§ Items from a data source:
-=-=-
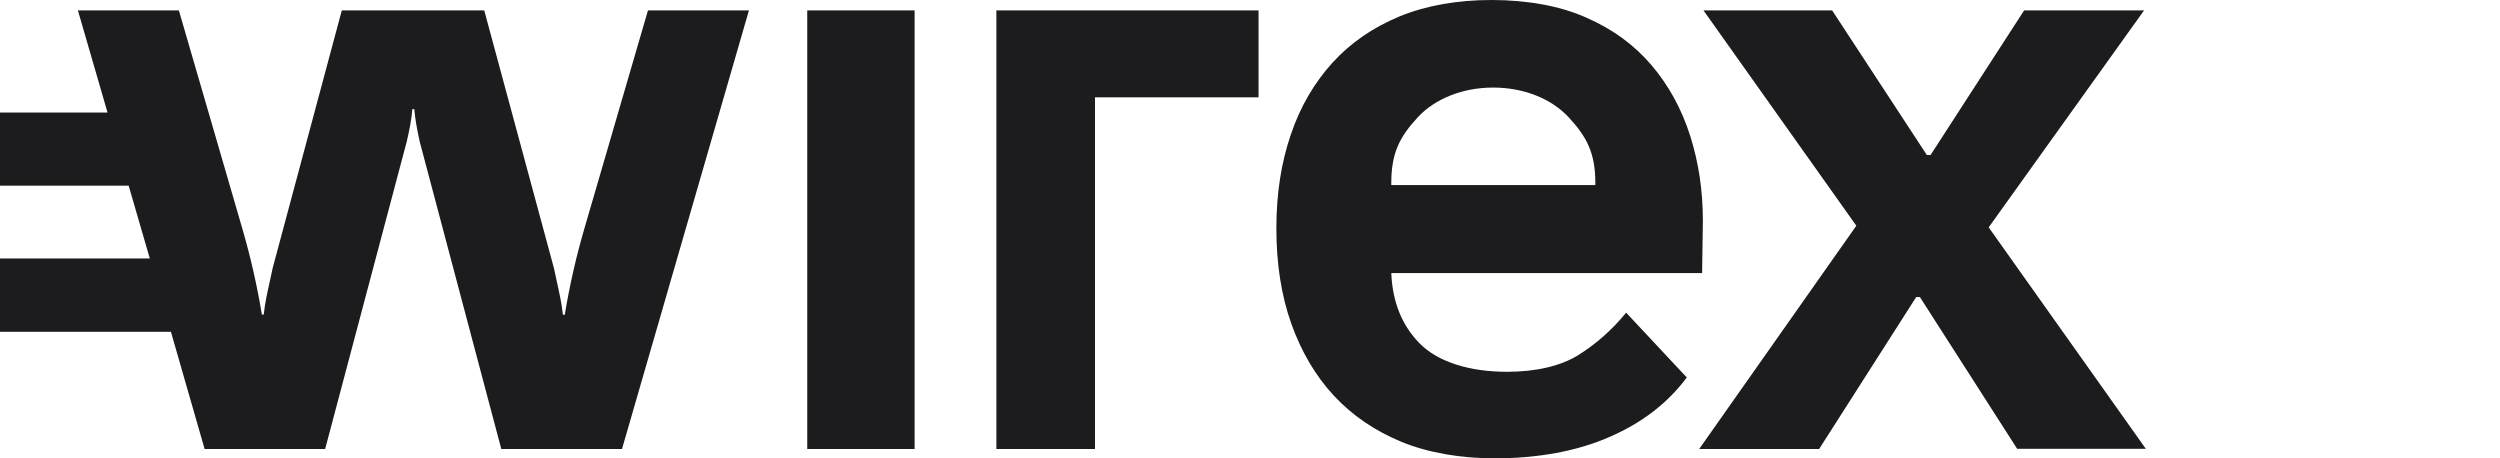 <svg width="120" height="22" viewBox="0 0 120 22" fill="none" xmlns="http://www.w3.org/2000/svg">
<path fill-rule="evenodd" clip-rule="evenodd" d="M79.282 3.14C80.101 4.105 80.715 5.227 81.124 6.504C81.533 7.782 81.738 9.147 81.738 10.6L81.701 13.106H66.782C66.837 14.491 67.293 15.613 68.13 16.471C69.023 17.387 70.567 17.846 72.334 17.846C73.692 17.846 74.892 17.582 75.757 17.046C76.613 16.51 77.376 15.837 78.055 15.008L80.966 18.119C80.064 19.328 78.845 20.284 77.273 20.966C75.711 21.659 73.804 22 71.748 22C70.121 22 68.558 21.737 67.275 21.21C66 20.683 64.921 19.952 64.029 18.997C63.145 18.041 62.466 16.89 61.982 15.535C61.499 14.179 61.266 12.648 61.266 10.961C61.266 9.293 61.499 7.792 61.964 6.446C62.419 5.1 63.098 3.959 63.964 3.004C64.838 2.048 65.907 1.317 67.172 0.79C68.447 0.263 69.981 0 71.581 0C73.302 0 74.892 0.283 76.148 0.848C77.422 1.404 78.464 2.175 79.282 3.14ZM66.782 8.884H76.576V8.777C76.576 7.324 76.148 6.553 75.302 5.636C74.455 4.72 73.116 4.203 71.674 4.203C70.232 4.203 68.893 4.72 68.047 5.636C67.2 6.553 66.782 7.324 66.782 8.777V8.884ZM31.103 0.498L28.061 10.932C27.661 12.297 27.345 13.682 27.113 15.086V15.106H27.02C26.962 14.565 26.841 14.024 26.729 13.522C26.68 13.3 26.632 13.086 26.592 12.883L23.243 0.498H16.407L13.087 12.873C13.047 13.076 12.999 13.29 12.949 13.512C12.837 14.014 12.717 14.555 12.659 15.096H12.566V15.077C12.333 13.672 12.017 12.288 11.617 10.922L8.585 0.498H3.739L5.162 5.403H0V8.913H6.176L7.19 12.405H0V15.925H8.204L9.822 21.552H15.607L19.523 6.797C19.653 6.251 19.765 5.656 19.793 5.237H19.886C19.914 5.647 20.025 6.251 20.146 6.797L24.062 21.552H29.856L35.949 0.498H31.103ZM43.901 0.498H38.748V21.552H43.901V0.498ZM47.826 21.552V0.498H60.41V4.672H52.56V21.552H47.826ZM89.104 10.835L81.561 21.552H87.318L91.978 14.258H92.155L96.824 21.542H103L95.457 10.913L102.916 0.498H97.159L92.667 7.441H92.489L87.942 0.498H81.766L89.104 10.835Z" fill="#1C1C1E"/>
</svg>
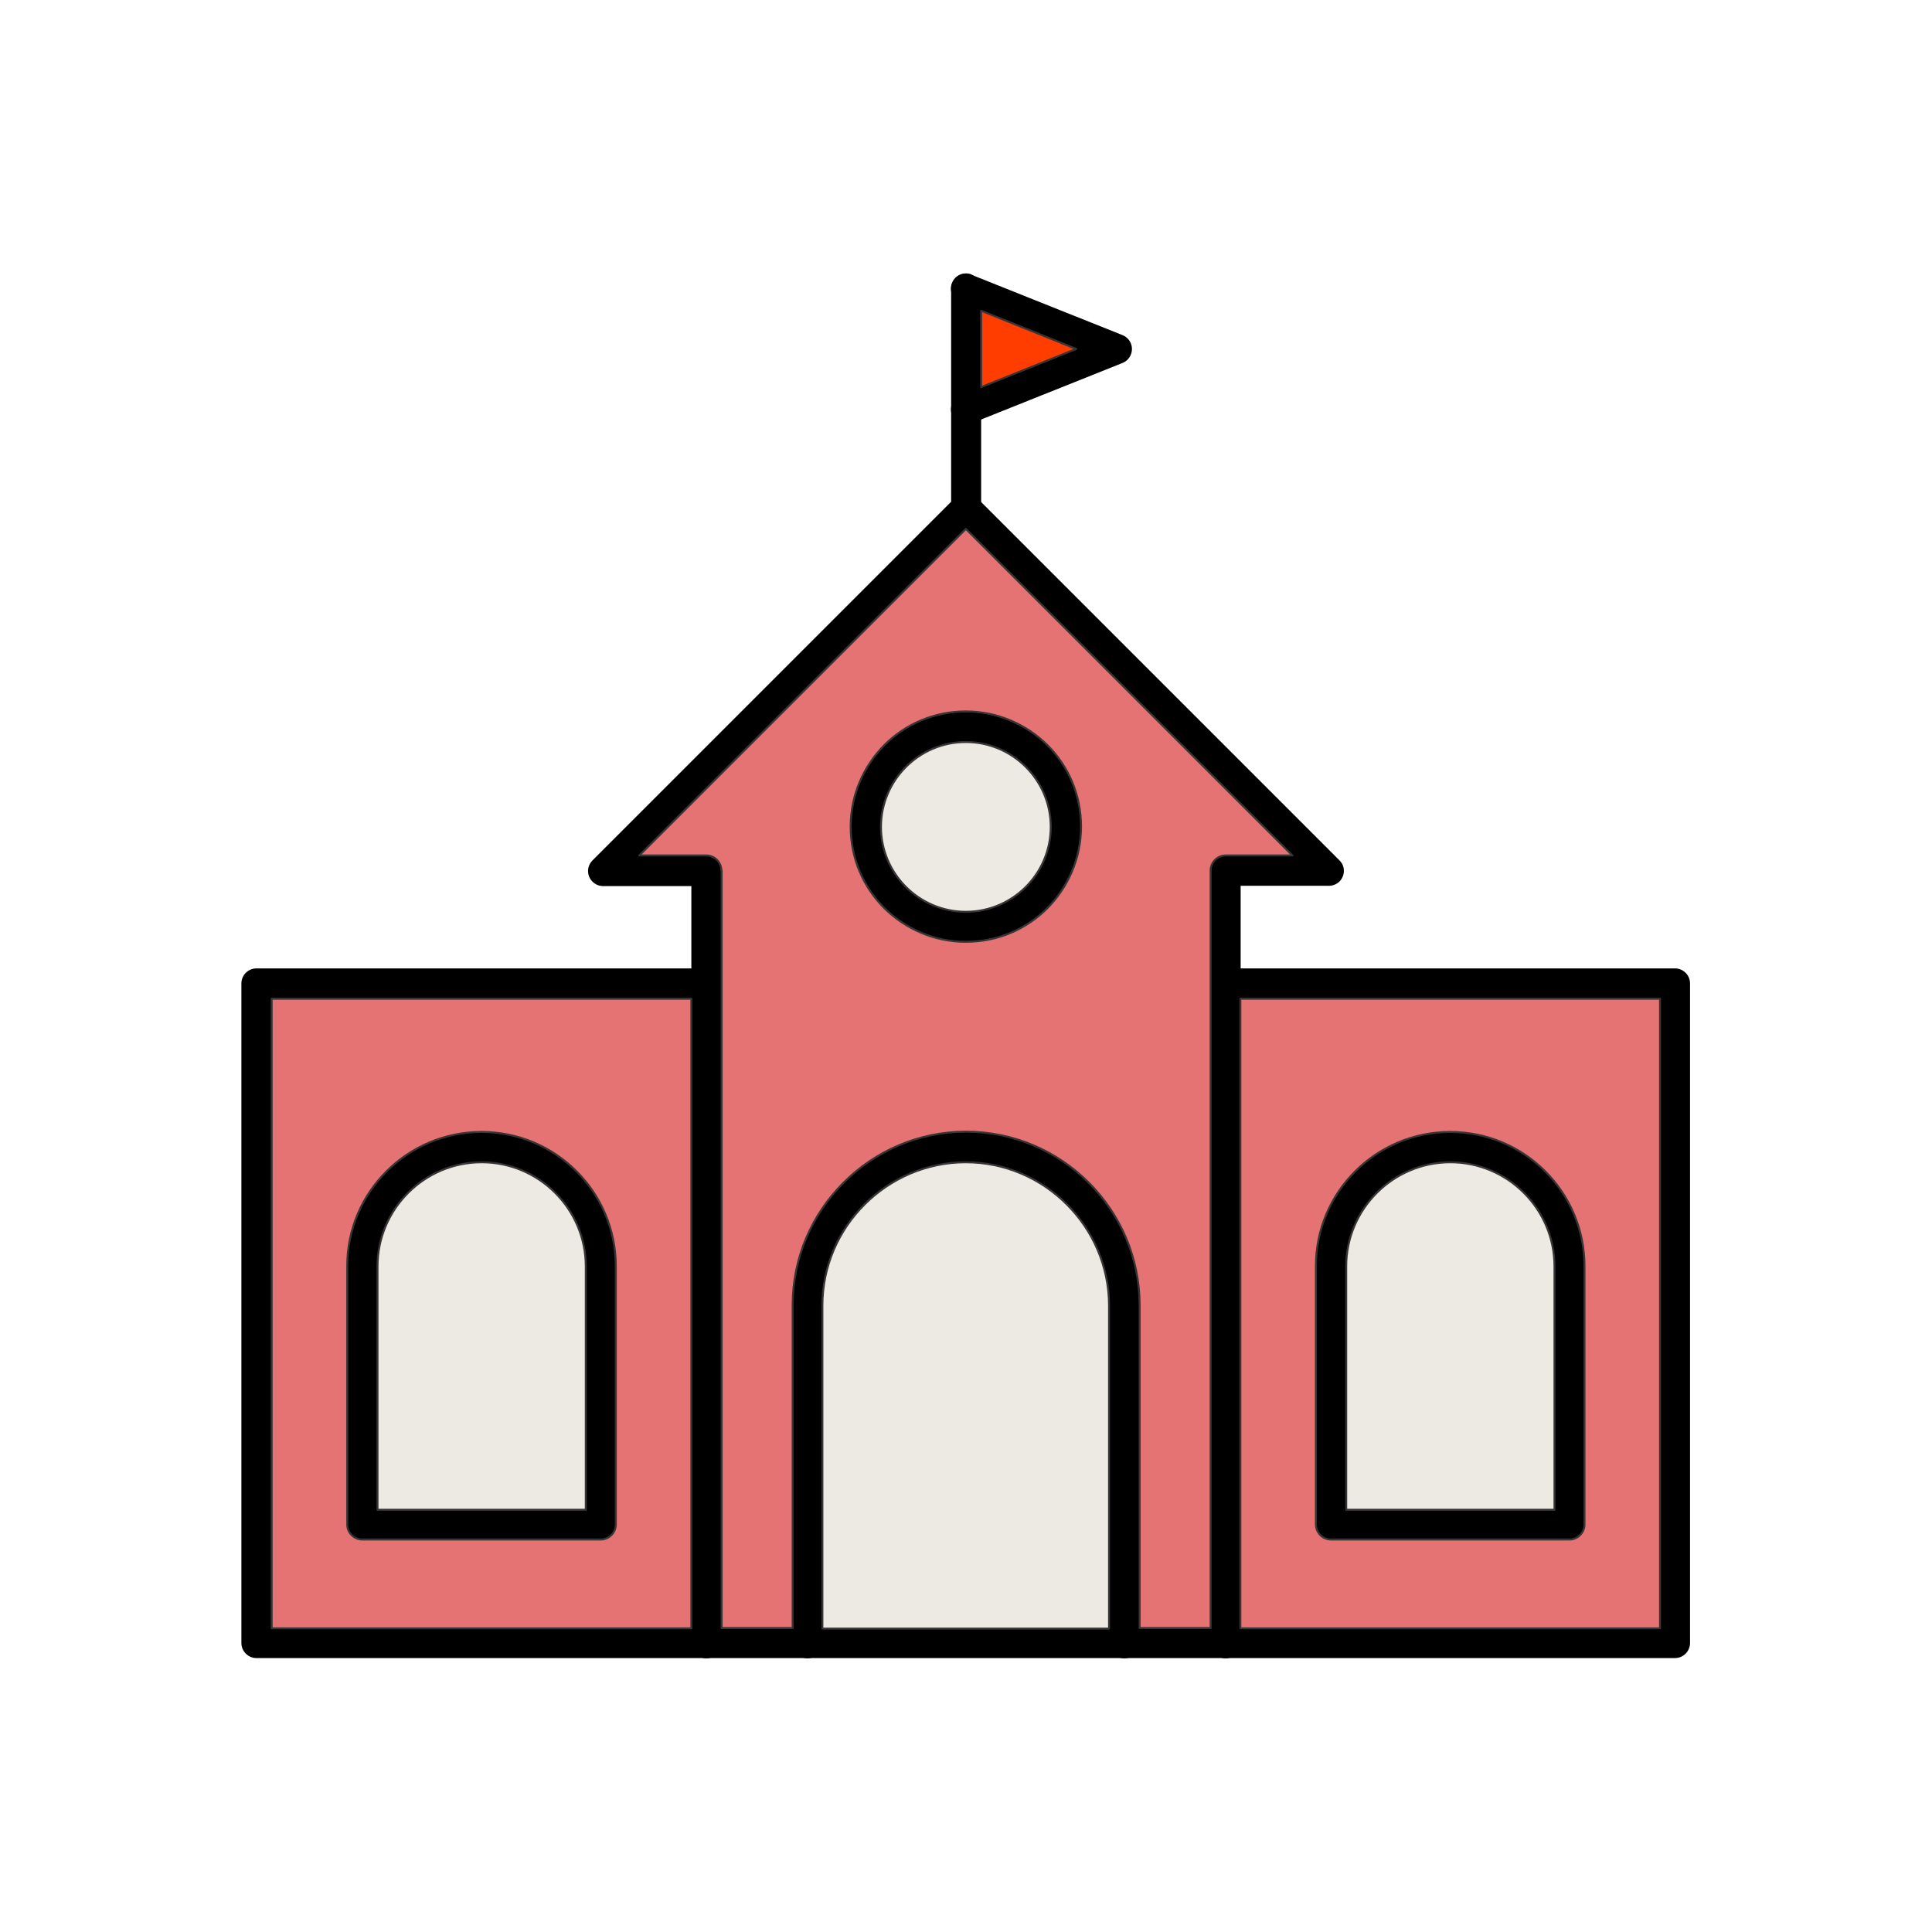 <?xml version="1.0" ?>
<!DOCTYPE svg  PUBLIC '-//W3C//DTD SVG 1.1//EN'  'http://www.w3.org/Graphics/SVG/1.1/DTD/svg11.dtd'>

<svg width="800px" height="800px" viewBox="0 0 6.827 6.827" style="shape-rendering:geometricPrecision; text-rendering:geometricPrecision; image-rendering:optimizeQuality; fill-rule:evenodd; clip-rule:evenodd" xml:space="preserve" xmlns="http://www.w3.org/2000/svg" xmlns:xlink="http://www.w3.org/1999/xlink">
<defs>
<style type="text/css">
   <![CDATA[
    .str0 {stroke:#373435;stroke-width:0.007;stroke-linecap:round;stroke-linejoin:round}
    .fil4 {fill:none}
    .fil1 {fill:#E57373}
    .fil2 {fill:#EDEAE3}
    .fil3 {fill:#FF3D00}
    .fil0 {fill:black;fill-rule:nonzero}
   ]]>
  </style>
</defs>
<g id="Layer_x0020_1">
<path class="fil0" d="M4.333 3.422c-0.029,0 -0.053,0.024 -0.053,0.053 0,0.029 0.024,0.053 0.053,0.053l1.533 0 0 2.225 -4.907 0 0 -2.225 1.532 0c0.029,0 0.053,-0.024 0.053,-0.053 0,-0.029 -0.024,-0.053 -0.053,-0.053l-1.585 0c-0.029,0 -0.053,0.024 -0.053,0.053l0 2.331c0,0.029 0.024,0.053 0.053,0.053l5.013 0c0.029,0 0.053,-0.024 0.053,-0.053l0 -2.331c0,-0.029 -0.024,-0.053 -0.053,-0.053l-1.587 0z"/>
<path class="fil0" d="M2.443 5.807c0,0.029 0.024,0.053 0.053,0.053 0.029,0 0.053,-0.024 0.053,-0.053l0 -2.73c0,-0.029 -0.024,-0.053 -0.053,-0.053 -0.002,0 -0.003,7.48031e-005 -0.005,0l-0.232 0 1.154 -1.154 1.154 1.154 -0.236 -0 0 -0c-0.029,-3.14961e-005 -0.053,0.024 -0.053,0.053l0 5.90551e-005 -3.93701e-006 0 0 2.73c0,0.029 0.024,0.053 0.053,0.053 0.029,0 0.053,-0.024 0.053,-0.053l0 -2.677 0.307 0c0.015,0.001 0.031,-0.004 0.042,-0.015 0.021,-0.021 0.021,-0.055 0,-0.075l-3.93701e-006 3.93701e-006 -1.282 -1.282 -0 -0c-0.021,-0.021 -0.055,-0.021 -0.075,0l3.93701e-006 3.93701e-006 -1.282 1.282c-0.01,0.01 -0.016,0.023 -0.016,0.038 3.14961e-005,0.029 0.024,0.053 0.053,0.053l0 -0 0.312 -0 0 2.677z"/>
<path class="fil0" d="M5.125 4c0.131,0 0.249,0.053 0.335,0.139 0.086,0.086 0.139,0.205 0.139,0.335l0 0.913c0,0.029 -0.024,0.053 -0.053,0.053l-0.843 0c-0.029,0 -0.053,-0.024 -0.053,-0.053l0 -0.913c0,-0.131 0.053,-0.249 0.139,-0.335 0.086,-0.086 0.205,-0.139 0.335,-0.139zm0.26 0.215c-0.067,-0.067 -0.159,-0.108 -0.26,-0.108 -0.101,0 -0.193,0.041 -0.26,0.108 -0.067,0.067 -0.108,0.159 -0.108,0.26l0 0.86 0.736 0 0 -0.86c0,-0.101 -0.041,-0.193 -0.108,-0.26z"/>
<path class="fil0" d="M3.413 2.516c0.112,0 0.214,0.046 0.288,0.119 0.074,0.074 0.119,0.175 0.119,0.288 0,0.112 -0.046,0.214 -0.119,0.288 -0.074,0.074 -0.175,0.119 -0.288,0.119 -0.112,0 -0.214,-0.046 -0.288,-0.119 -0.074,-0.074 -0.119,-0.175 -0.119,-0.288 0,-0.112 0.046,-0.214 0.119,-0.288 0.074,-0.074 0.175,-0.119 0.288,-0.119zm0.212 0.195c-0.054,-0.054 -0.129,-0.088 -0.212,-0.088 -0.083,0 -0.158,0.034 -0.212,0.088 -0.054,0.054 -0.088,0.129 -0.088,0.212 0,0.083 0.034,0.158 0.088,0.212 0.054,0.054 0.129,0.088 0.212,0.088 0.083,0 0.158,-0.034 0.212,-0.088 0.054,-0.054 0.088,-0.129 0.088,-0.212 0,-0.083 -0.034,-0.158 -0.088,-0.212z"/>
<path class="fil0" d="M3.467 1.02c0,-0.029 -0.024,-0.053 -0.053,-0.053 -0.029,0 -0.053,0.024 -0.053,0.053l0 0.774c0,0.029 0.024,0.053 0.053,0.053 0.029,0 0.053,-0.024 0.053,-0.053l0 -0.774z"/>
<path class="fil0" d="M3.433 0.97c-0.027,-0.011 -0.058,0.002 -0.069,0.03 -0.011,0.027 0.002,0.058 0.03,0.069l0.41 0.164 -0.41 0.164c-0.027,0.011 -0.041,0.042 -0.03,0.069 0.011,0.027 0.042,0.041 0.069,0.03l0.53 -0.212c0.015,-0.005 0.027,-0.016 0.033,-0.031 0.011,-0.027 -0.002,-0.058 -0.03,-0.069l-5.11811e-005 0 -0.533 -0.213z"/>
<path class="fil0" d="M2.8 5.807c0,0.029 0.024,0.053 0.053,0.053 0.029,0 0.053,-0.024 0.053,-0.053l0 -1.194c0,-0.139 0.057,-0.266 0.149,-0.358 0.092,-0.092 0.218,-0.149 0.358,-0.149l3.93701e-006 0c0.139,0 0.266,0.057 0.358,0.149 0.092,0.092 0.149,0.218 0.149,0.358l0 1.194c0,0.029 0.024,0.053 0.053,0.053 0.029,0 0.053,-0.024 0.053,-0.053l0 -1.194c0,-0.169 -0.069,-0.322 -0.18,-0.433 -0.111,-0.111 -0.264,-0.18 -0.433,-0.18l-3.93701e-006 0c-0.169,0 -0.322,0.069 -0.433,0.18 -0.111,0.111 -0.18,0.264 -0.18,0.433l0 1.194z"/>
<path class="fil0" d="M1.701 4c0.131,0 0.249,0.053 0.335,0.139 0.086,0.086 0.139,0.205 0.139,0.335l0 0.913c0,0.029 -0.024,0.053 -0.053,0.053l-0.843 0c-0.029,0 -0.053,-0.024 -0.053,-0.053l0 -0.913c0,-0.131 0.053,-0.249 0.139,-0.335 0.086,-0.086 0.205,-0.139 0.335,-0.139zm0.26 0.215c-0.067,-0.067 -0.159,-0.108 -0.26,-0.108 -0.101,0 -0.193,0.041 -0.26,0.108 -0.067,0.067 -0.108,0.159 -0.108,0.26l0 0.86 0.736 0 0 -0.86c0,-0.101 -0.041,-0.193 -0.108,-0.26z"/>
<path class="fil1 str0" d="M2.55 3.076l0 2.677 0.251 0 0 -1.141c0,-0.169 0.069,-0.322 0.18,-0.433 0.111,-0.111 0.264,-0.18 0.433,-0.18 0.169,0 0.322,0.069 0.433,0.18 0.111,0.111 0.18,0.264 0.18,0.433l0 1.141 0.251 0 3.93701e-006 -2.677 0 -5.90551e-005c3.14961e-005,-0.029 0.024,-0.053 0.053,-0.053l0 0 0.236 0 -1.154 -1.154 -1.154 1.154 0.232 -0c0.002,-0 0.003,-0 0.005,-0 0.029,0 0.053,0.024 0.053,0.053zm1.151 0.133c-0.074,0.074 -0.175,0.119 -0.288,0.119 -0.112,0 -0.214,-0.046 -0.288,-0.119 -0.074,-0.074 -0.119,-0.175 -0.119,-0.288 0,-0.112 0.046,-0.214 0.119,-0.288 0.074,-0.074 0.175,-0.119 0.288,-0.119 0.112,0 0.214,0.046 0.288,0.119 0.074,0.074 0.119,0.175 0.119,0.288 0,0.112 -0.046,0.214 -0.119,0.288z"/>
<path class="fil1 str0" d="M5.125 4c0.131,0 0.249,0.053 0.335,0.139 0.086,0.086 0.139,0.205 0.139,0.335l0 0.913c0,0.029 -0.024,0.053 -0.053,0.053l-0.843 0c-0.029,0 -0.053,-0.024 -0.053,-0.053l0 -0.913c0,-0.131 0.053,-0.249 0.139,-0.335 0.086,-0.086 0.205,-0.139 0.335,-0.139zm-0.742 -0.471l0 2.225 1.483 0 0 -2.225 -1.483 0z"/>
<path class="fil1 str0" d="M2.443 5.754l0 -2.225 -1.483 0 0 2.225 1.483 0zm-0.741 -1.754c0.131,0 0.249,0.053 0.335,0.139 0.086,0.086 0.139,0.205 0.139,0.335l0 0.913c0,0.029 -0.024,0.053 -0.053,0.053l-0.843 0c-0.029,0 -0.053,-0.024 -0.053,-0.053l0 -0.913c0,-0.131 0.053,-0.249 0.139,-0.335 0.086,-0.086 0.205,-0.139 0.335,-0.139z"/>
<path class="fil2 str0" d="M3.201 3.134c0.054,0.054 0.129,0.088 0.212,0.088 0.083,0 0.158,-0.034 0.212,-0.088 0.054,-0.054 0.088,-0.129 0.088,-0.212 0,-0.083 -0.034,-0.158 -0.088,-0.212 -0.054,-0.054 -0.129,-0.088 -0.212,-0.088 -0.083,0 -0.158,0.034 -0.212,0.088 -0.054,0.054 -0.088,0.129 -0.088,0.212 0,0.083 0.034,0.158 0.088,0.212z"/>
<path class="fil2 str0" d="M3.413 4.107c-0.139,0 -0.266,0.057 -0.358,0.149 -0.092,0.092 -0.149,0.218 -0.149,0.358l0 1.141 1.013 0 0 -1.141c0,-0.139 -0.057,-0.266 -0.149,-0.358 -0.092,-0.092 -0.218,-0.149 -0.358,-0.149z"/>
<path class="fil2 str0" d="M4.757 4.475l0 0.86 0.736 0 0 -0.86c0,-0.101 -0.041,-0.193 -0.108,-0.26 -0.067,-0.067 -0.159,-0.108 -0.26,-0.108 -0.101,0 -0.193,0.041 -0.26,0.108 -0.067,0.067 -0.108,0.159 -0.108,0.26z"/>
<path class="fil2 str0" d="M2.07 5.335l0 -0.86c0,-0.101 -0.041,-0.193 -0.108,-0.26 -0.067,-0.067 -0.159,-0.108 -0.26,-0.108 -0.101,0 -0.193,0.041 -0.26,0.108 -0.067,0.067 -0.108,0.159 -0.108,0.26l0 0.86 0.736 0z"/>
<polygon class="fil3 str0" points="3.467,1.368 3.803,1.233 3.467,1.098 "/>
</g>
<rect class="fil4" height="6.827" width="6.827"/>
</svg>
-=-=-
Pick out the lines above that hold the string "text" and show them.

§ Result of the exercise:
<svg width="800px" height="800px" viewBox="0 0 6.827 6.827" style="shape-rendering:geometricPrecision; text-rendering:geometricPrecision; image-rendering:optimizeQuality; fill-rule:evenodd; clip-rule:evenodd" xml:space="preserve" xmlns="http://www.w3.org/2000/svg" xmlns:xlink="http://www.w3.org/1999/xlink">
<style type="text/css">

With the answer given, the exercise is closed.